**THE PROBLEM:** Set down every entry exactly as given. Pictures are to be left out.
[Opening DATA EXTRACTS section]
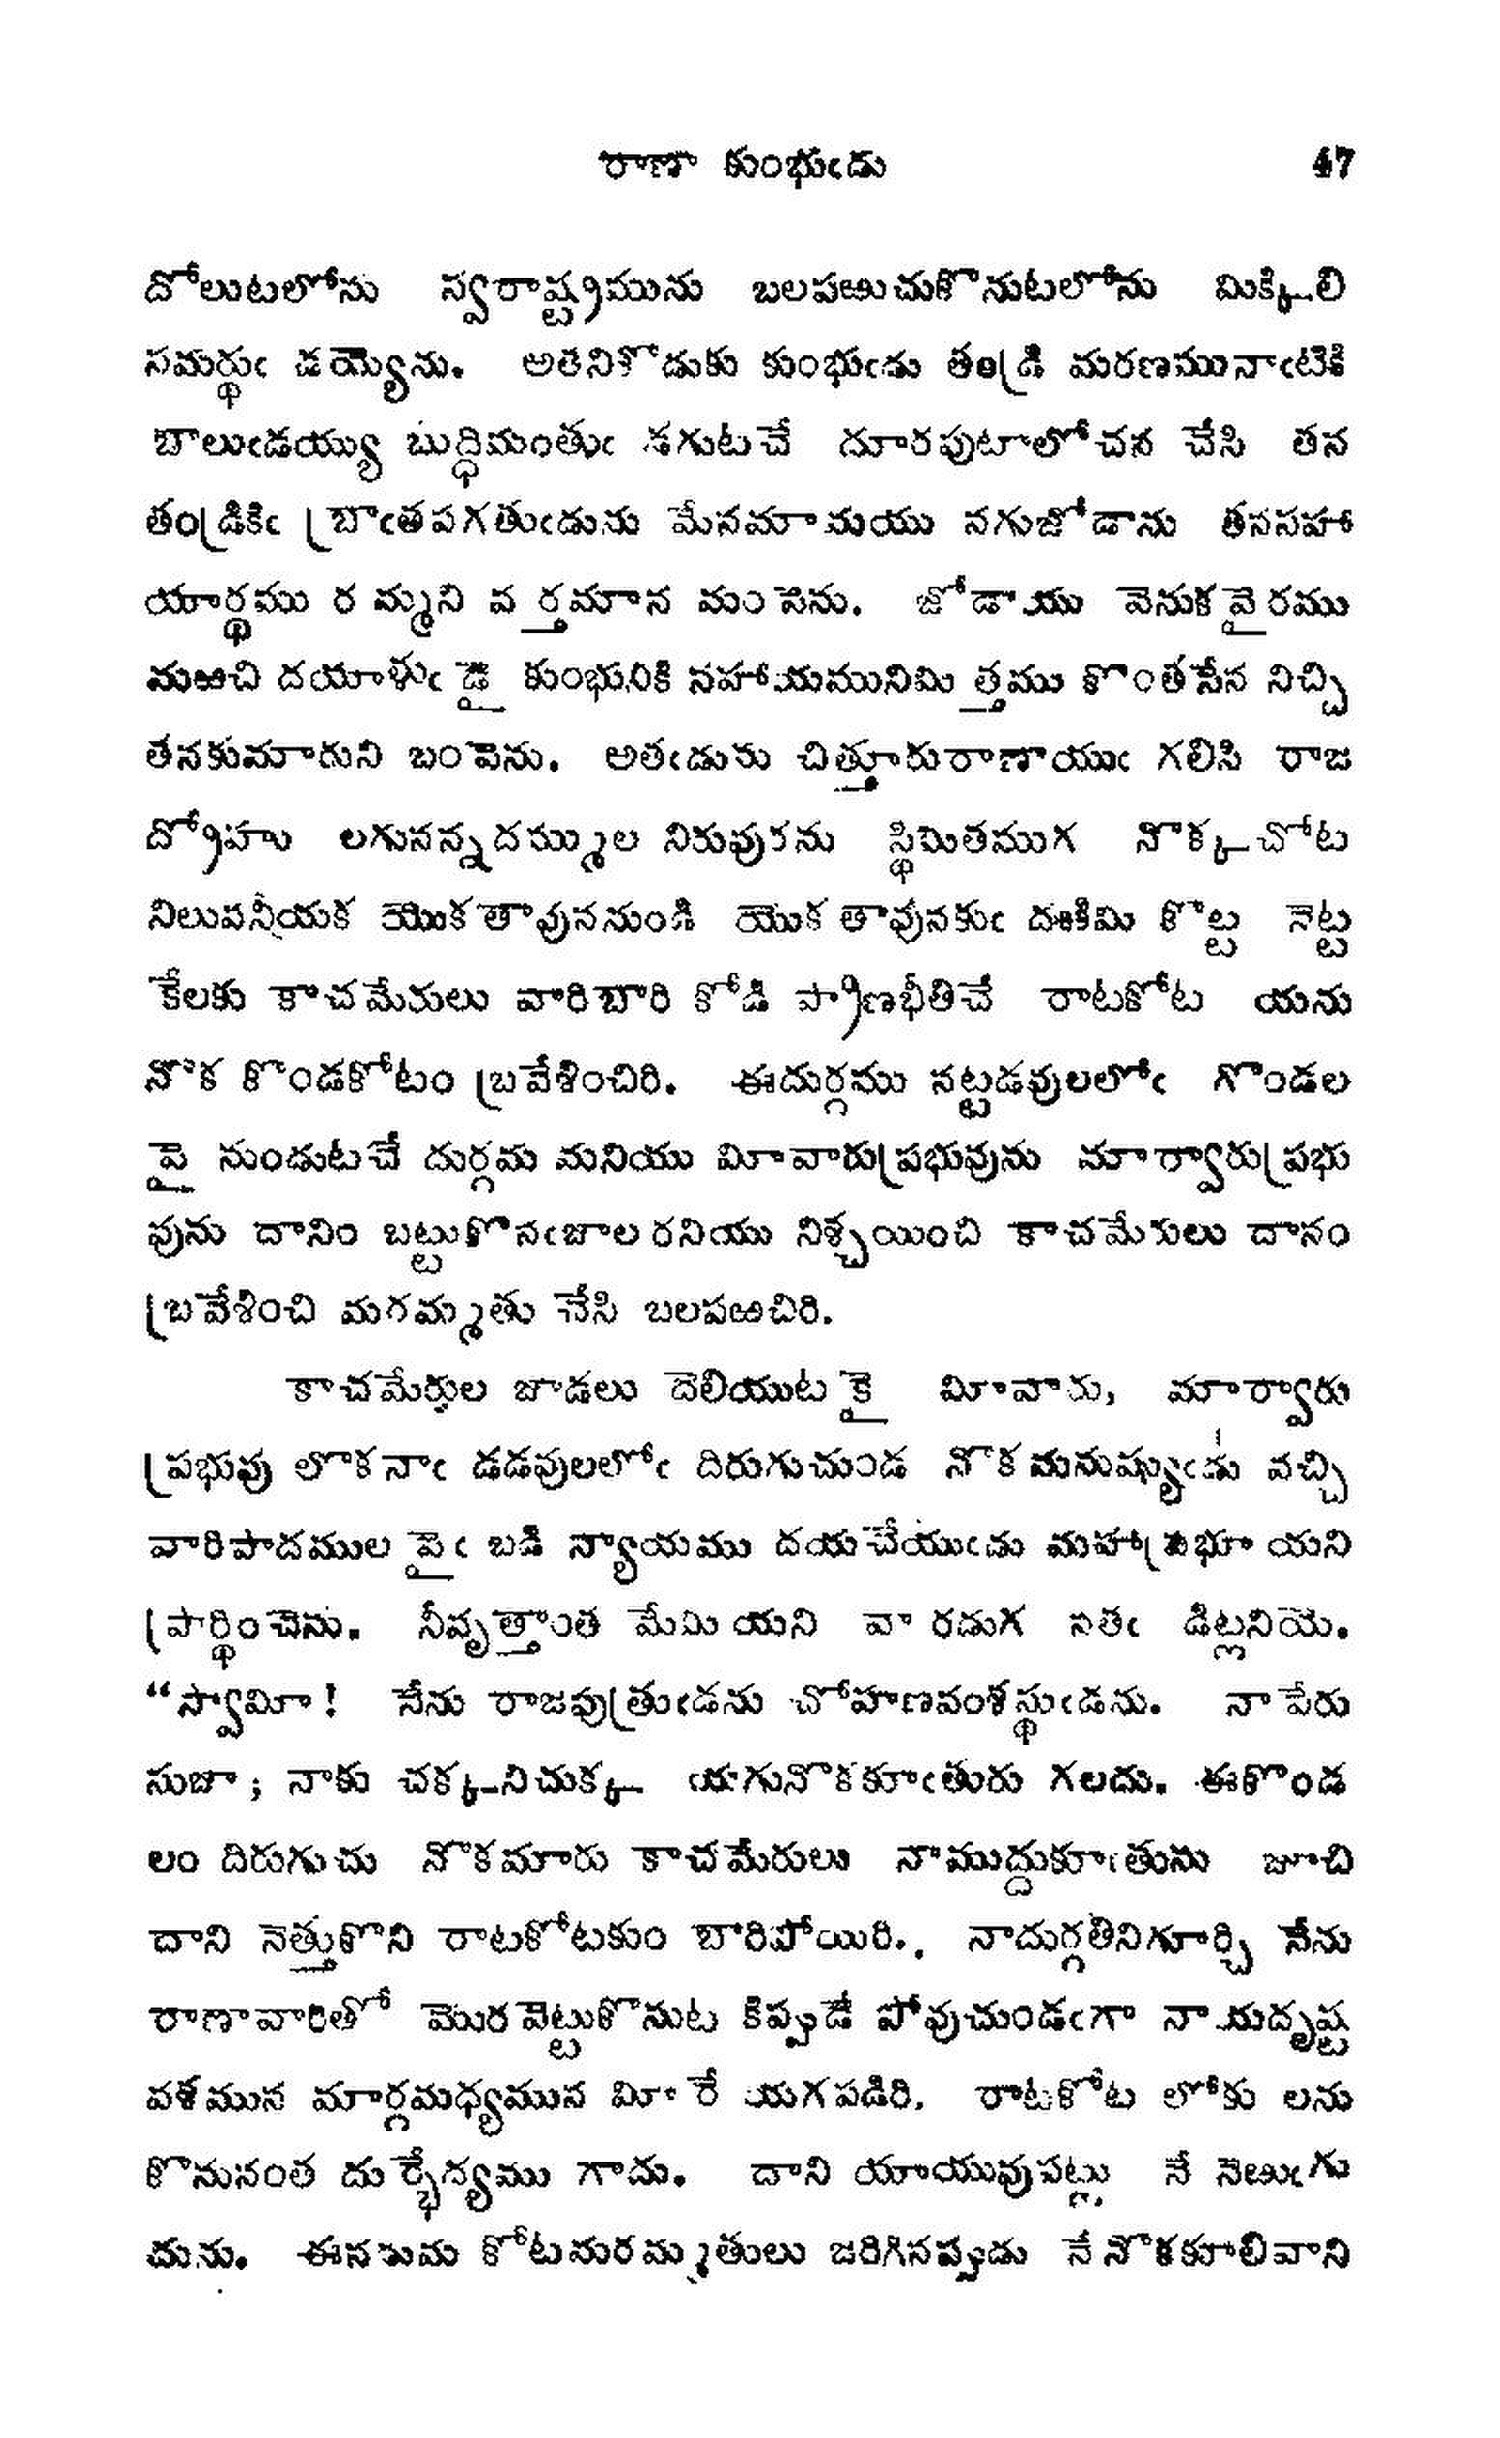దోలుటలోను స్వరాష్ట్రమును బలపఱుచుకొనుటలోను మిక్కిలి సమర్థుఁ డయ్యెను. అతనికోడుకు కుంభుఁడు తండ్రి మరణమునాఁటికి
బాలుఁడయ్యు బుద్ధిమంతుఁ డగుటచే దూరపుటాలోచన చేసి తన తండ్రికిఁ బ్రాఁత పగతుఁడును 'మేనమామయు నగుజోడాను తనసహా
యార్థము రమ్మని వర్తమాన మంపెను. జోడాయు వెనుక వైరము మఱచి దయాళుఁ డై కుంభునికి సహాయము నిమిత్తము కొంతసేన నిచ్చి
తనకుమారుని బంపెను. అతఁడును చిత్తూరురాణాయుఁ గలిసి రాజద్రోహు లగునన్నదమ్ముల నిరువురను స్థిమితముగ నొక్కచోట
నిలుపనీయక యొక తావుననుండి యొక తావునకుఁ దఱిమి కొట్ట నెట్టకేలకు కాచమేరులు వారి బారి కోడి ప్రాణభీతిచే రాటకోట యను
నొక కొండకోటం బ్రవేశించిరి. ఈదుర్గము నట్టడవులలోఁ గొండల పై నుండుటచే దుర్గమ మనియు మీవారు ప్రభువును నూర్వారు ప్రభు
వును దానిం బట్టుకొనఁజాల రనియు నిశ్చయించి కాచమేరులు దానం బ్రవేశించి మరమ్మతు చేసి బలపఱచిరి.

కాచమేరుల జాడలు దెలియుటకై మీవారు, మార్వారు ప్రభువు లొక నాఁ డడవులలోఁ దిరుగుచుండ నొక మనుష్యుఁడు వచ్చి వారి పాదముల
పైఁ బడి న్యాయము దయచేయుఁడు మహా ప్రభూ యని ప్రార్థించెను. నీవృత్తాంత మేమి యని వారడుగ నతఁ డిట్లనియె. “స్వామీ ! నేను రాజపుత్రుఁడను చోహణవంశస్థుఁడను. నా పేరు సుజా; నాకు చక్కని చుక్క యగునొక కూఁతురు గలదు. ఈ కొండలం దిరుగుచు నొకమారు కాచమేరులు నాముద్దుకూఁతును జూచి దాని నెత్తుకొని రాటకోటకుం బారిపోయిరి. నాదుర్గతిని గూర్చి నేను రాణా వారితో మొర పెట్టుకొనుట కిప్పుడే పోవుచుండఁగా నా యదృష్ట వశమున మార్గమధ్యమున మీరే యగ పడిరి, రాటకోట లోకు లను కొనునంత దుర్భేద్యము గాదు. దాని యాయువుపట్టు నే నెఱుఁగుదును. ఈనడుమ కోట మరమ్మతులు జరిగినప్పుడు నేనొకకూలివాని
[Closing DATA EXTRACTS section]
**EXERCISE SOLUTION:**
దోలుటలోను స్వరాష్ట్రమును బలపఱుచుకొనుటలోను మిక్కిలి సమర్థుఁ డయ్యెను. అతనికోడుకు కుంభుఁడు తండ్రి మరణమునాఁటికి
బాలుఁడయ్యు బుద్ధిమంతుఁ డగుటచే దూరపుటాలోచన చేసి తన తండ్రికిఁ బ్రాఁత పగతుఁడును 'మేనమామయు నగుజోడాను తనసహా
యార్థము రమ్మని వర్తమాన మంపెను. జోడాయు వెనుక వైరము మఱచి దయాళుఁ డై కుంభునికి సహాయము నిమిత్తము కొంతసేన నిచ్చి
తనకుమారుని బంపెను. అతఁడును చిత్తూరురాణాయుఁ గలిసి రాజద్రోహు లగునన్నదమ్ముల నిరువురను స్థిమితముగ నొక్కచోట
నిలుపనీయక యొక తావుననుండి యొక తావునకుఁ దఱిమి కొట్ట నెట్టకేలకు కాచమేరులు వారి బారి కోడి ప్రాణభీతిచే రాటకోట యను
నొక కొండకోటం బ్రవేశించిరి. ఈదుర్గము నట్టడవులలోఁ గొండల పై నుండుటచే దుర్గమ మనియు మీవారు ప్రభువును నూర్వారు ప్రభు
వును దానిం బట్టుకొనఁజాల రనియు నిశ్చయించి కాచమేరులు దానం బ్రవేశించి మరమ్మతు చేసి బలపఱచిరి.

కాచమేరుల జాడలు దెలియుటకై మీవారు, మార్వారు ప్రభువు లొక నాఁ డడవులలోఁ దిరుగుచుండ నొక మనుష్యుఁడు వచ్చి వారి పాదముల
పైఁ బడి న్యాయము దయచేయుఁడు మహా ప్రభూ యని ప్రార్థించెను. నీవృత్తాంత మేమి యని వారడుగ నతఁ డిట్లనియె. “స్వామీ ! నేను రాజపుత్రుఁడను చోహణవంశస్థుఁడను. నా పేరు సుజా; నాకు చక్కని చుక్క యగునొక కూఁతురు గలదు. ఈ కొండలం దిరుగుచు నొకమారు కాచమేరులు నాముద్దుకూఁతును జూచి దాని నెత్తుకొని రాటకోటకుం బారిపోయిరి. నాదుర్గతిని గూర్చి నేను రాణా వారితో మొర పెట్టుకొనుట కిప్పుడే పోవుచుండఁగా నా యదృష్ట వశమున మార్గమధ్యమున మీరే యగ పడిరి, రాటకోట లోకు లను కొనునంత దుర్భేద్యము గాదు. దాని యాయువుపట్టు నే నెఱుఁగుదును. ఈనడుమ కోట మరమ్మతులు జరిగినప్పుడు నేనొకకూలివాని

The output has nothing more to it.